Early orthostatic hypotension assessments superior
Contrary to existing recommendations to delay orthostatic hypotension measurements, assessments performed within the first minute of standing were most robustly associated with dizziness and individual long-term adverse outcomes and provide clinically useful information that may be missed with later measurements, according to findings published in JAMA Internal Medicine.
“Orthostatic hypotension is a common medical condition in older adults that is associated with higher risk of falls, coronary heart disease, stroke and death,” Stephen P. Juraschek, MD, PhD, from Johns Hopkins University, and colleagues wrote. “The determination of [orthostatic hypotension] is based on a consensus statement from the American Academy of Neurology, which has since been incorporated into international guidelines. This statement defines [orthostatic hypotension] by a postural reduction in systolic blood pressure of 20 mm Hg or greater or a diastolic blood pressure of 10 mm Hg or greater, measured 3 minutes after rising from a supine to standing position. However, the 3-minute time delay is often less practical in clinical settings owing to time constraints. It is unclear whether early measurements are as informative as later measurements.”
Juraschek and colleagues performed a prospective cohort study of 11,429 patients between the ages of 44 and 66 years (mean age, 54 years; 54% women; 26% black) to determine how effective early orthostatic hypotension measurements are vs. later measurements for assessing history of dizziness on standing and longitudinal adverse outcomes, including risk for fall, fracture, syncope, motor vehicle crashes and all-cause mortality. Participants were recruited from the Atherosclerosis Risk in Communities Study. The researchers measured orthostatic hypotension up to five times at 25-second intervals. Follow-up was conducted for a median of 23 years.

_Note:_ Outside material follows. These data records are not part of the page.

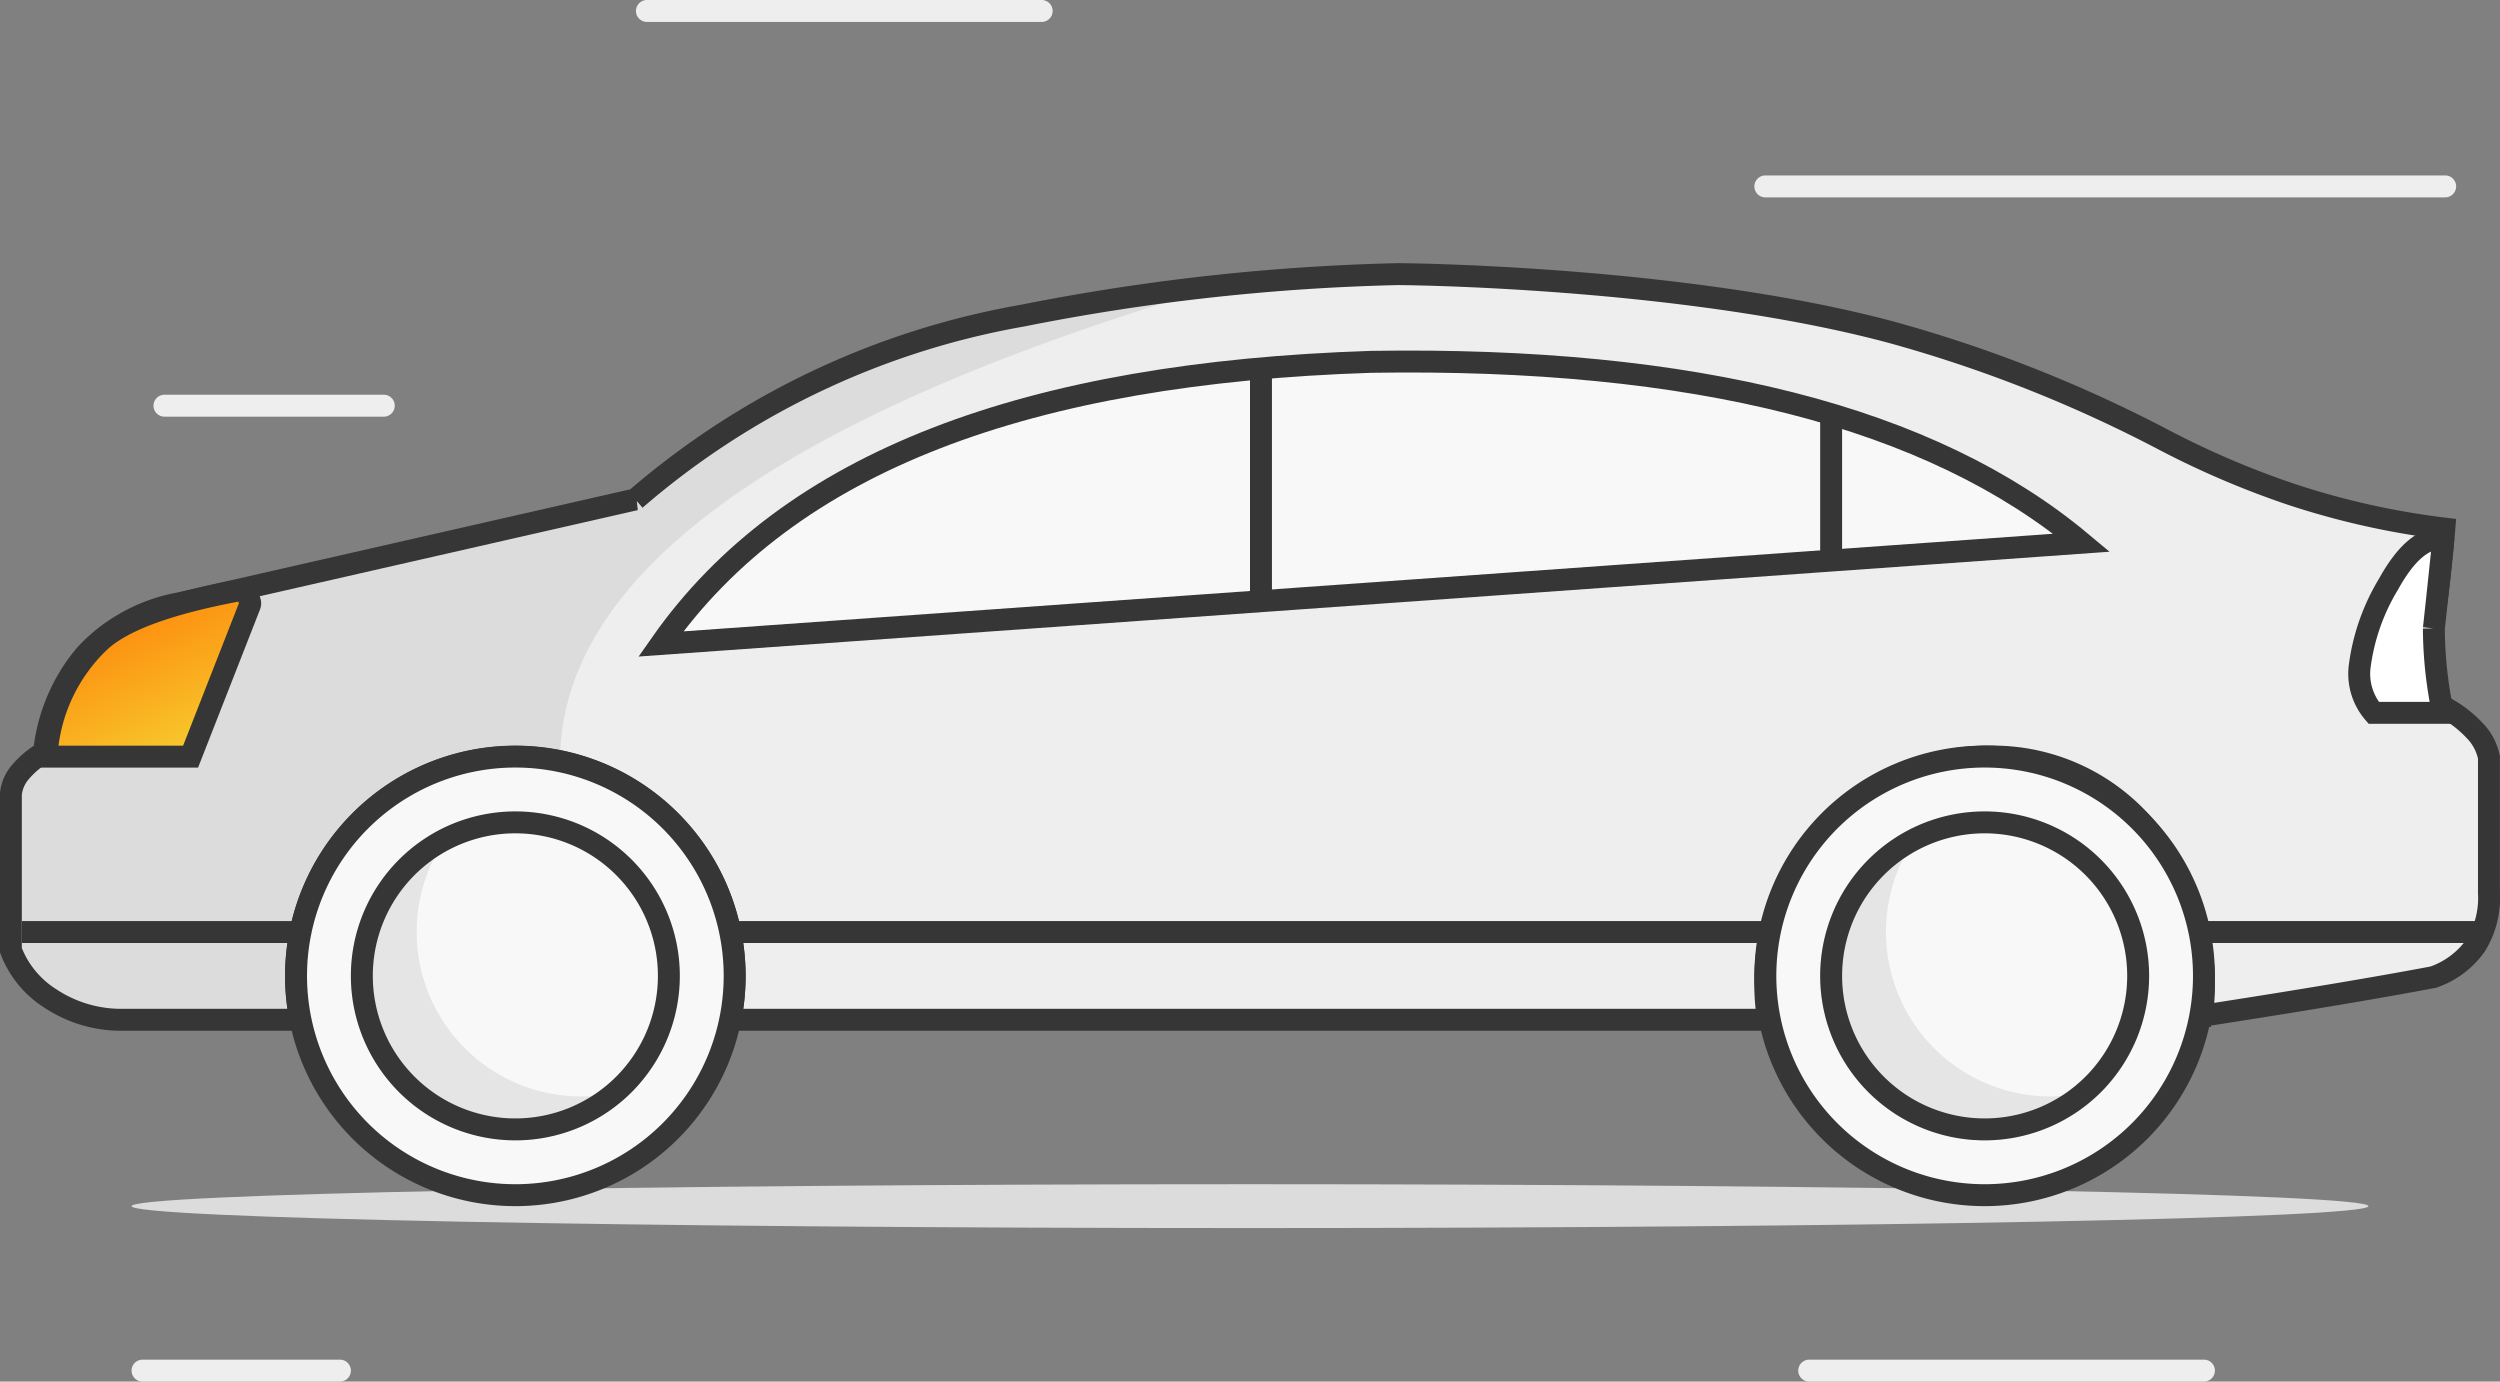 <svg xmlns="http://www.w3.org/2000/svg" xmlns:xlink="http://www.w3.org/1999/xlink" width="114" height="63" viewBox="0 0 114 63">
  <rect x="0" y="0" width="114" height="63" fill="#808080" stroke="none"/>
  <defs>
    <linearGradient id="linear-gradient" x1="0.772" y1="1" x2="0.218" gradientUnits="objectBoundingBox">
      <stop offset="0" stop-color="#f7ce2f"/>
      <stop offset="1" stop-color="#fe7c06"/>
    </linearGradient>
  </defs>
  <g id="Group_1" data-name="Group 1" transform="translate(-3 -30)">
    <path id="Path_4" data-name="Path 4" d="M66.733,42.5c1.888.013,13.629.275,22.483,2.643a62.3,62.3,0,0,1,12.3,4.834,40.208,40.208,0,0,0,6.037,2.589,36.112,36.112,0,0,0,6.909,1.537q-.2,2.414-.483,4.181a13.466,13.466,0,0,0,0,3.746,5.236,5.236,0,0,1,1.852,1.269,2.445,2.445,0,0,1,.665,1.238v6.179a4.091,4.091,0,0,1-.61,2.4,3.938,3.938,0,0,1-1.926,1.441q-3.9.738-10.567,1.769A8.63,8.63,0,0,0,103.5,75a10.947,10.947,0,0,0-2.743-7.374A9.136,9.136,0,0,0,94,64.5,10.226,10.226,0,0,0,83.5,75a8.494,8.494,0,0,0,.134,1.5H36.3a10,10,0,1,0-19.6,0h-8a5.847,5.847,0,0,1-3.412-.975,4.479,4.479,0,0,1-1.793-2.2v-7.1a1.809,1.809,0,0,1,.379-.95,4.127,4.127,0,0,1,1.138-.97,8.146,8.146,0,0,1,1.9-4.466,7.739,7.739,0,0,1,4.261-2.327l20.8-4.738a36.638,36.638,0,0,1,17.633-8.377A99.17,99.17,0,0,1,66.733,42.5Z" fill="#eee" stroke="#363636" stroke-width="1" fill-rule="evenodd"/>
    <path id="Path_5" data-name="Path 5" d="M60.621,42.332q-2.143.725-4.821,1.568Q28.031,52.653,28.543,65.221A9.507,9.507,0,0,0,17.333,77H8.7a6.335,6.335,0,0,1-3.7-1.063A4.929,4.929,0,0,1,3,73.4V66.2a2.3,2.3,0,0,1,.479-1.232,4.617,4.617,0,0,1,1.274-1.094A6.857,6.857,0,0,1,6.546,59.5a8.221,8.221,0,0,1,4.521-2.48l20.674-4.71A37.138,37.138,0,0,1,49.516,43.9c4.353-.81,7.993-1.275,10.813-1.541Z" fill="#363636" fill-rule="evenodd" opacity="0.1"/>
    <path id="Path_6" data-name="Path 6" d="M17,72H4v1H17Z" fill="#363636"/>
    <path id="Path_7" data-name="Path 7" d="M84,72H36v1H84Z" fill="#363636"/>
    <path id="Path_8" data-name="Path 8" d="M116,72H103v1h13Z" fill="#363636"/>
    <path id="Path_9" data-name="Path 9" d="M60,86c28.166,0,51-.448,51-1s-22.834-1-51-1S9,84.448,9,85,31.833,86,60,86Z" fill="#dcdcdc"/>
    <path id="Path_10" data-name="Path 10" d="M93.5,84.5a10,10,0,1,0-10-10A10,10,0,0,0,93.5,84.5Z" fill="#f8f8f8" stroke="#363636" stroke-width="1"/>
    <path id="Path_11" data-name="Path 11" d="M93.5,81.5a7,7,0,1,0-7-7A7,7,0,0,0,93.5,81.5Z" fill="none" stroke="#363636" stroke-width="1"/>
    <path id="Path_12" data-name="Path 12" d="M26.5,84.5a10,10,0,1,0-10-10A10,10,0,0,0,26.5,84.5Z" fill="#f8f8f8" stroke="#363636" stroke-width="1"/>
    <path id="Path_13" data-name="Path 13" d="M26.5,81.5a7,7,0,1,0-7-7A7,7,0,0,0,26.5,81.5Z" fill="none" stroke="#363636" stroke-width="1"/>
    <path id="Path_14" data-name="Path 14" d="M22,72.5a7.505,7.505,0,0,0,10.036,7.06A7.5,7.5,0,1,1,23.964,67.44,7.475,7.475,0,0,0,22,72.5Z" fill="#363636" fill-rule="evenodd" opacity="0.1"/>
    <path id="Path_15" data-name="Path 15" d="M89,72.5a7.505,7.505,0,0,0,10.036,7.06A7.5,7.5,0,1,1,90.964,67.44,7.475,7.475,0,0,0,89,72.5Z" fill="#363636" fill-rule="evenodd" opacity="0.1"/>
    <path id="Path_16" data-name="Path 16" d="M114.415,54.528l0,.053q-.138,1.374-.43,4.076a18.818,18.818,0,0,0,.415,3.847H111.24A2.728,2.728,0,0,1,110.6,60.4a9.616,9.616,0,0,1,1.313-3.757c.762-1.378,1.58-2.152,2.541-2.113Z" fill="#fff" stroke="#363636" stroke-width="1" fill-rule="evenodd"/>
    <path id="Path_17" data-name="Path 17" d="M65.508,46.5q22.134-.356,32.416,8.248L33.133,59.365C38.993,50.993,49.942,47.008,65.508,46.5Z" fill="#f8f8f8" stroke="#363636" stroke-width="1" fill-rule="evenodd"/>
    <path id="Path_18" data-name="Path 18" d="M61,47H60V57.5h1Z" fill="#363636"/>
    <path id="Path_19" data-name="Path 19" d="M87,49H86v7h1Z" fill="#363636"/>
    <path id="Path_20" data-name="Path 20" d="M13.832,56.932a.5.5,0,0,1,.375.078c.227.413.218.509.184.6l-2.7,6.893H5.121a7.833,7.833,0,0,1,2.425-5.245C8.6,58.277,10.71,57.522,13.832,56.932Z" stroke="#363636" stroke-width="1" fill-rule="evenodd" fill="url(#linear-gradient)"/>
    <path id="Path_21" data-name="Path 21" d="M114.5,38h-31a.5.5,0,0,0,0,1h31a.5.5,0,0,0,0-1Z" fill="#eee"/>
    <path id="Path_22" data-name="Path 22" d="M20.5,48h-10a.5.5,0,0,0,0,1h10a.5.5,0,0,0,0-1Z" fill="#eee"/>
    <path id="Path_23" data-name="Path 23" d="M103.5,92h-18a.5.5,0,0,0,0,1h18a.5.5,0,0,0,0-1Z" fill="#eee"/>
    <path id="Path_24" data-name="Path 24" d="M18.5,92h-9a.5.5,0,0,0,0,1h9a.5.5,0,0,0,0-1Z" fill="#eee"/>
    <path id="Path_25" data-name="Path 25" d="M50.5,30h-18a.5.5,0,0,0,0,1h18a.5.5,0,0,0,0-1Z" fill="#eee"/>
  </g>
</svg>

All participants had at least four orthostatic hypotension measurements after standing. Adjusted results indicated that the only measurement with increased odds for dizziness (OR = 1.49; 95% CI, 1.18-1.89) was the first measurement after standing (mean, 28 seconds; range, 21-62 seconds). The highest rates of fracture, syncope and death, at 18.9, 17 and 31.4 per 1,000 person-years, respectively, were also observed for this first measurement. There was a significant association between the initial measurement and the risk for fall (HR = 1.22; 95% CI, 1.03-1.44), fracture (HR = 1.16; 95% CI, 1.01-1.34), syncope (HR = 1.4; 95% CI, 1.2-1.63) and mortality (HR = 1.36; 95%CI, 1.23-1.51) after adjustment.
The highest rates of falls and motor vehicle crashes, at 13.2 and 2.5 per 1,000 person-years, respectively, were associated with the second measurement (mean, 53 seconds; range, 43-83 seconds). In addition, all long-term adverse outcomes were associated with the second measurement. There was no association and inconsistent associations between dizziness and individual longitudinal outcomes, respectively, and measurements obtained after one minute.
“Our study demonstrates that early assessments of [orthostatic hypotension] (within 1 minute) may be not only time-saving but also most clinically relevant and highly informative for long-term prognosis,” Juraschek and colleagues concluded. “While our data were derived from a relatively healthy community population, they imply that [orthostatic hypotension] measurement protocols might achieve their greatest prognostic value by including early poststanding BP measurement time points. These results represent compelling evidence for earlier time measurements in the assessment of [orthostatic hypotension] in middle-aged adults.”
In an invited commentary, Wolfgang Singer, MD, and Phillip A. Low, MD, both from the department of neurology at Mayo Clinic, wrote that these findings are “important and highly relevant.”
They noted that an important subgroup of patients have delayed [orthostatic hypotension], which would not be captured within the first three minutes of standing.
“Rather than abandoning the 3-minute orthostatic BP, we would advocate, however, the practice of obtaining 1- and 3-minute orthostatic BP in the routine clinical setting, and if otherwise unexplained abnormalities are seen, referring patients for formal autonomic testing that includes continuous beat-to-beat BP recordings during supine rest and orthostasis, along with other means to assess autonomic nervous system function more formally and systematically,” Singer and Low concluded. – by Alaina Tedesco
Disclosure: All authors report no relevant financial disclosures.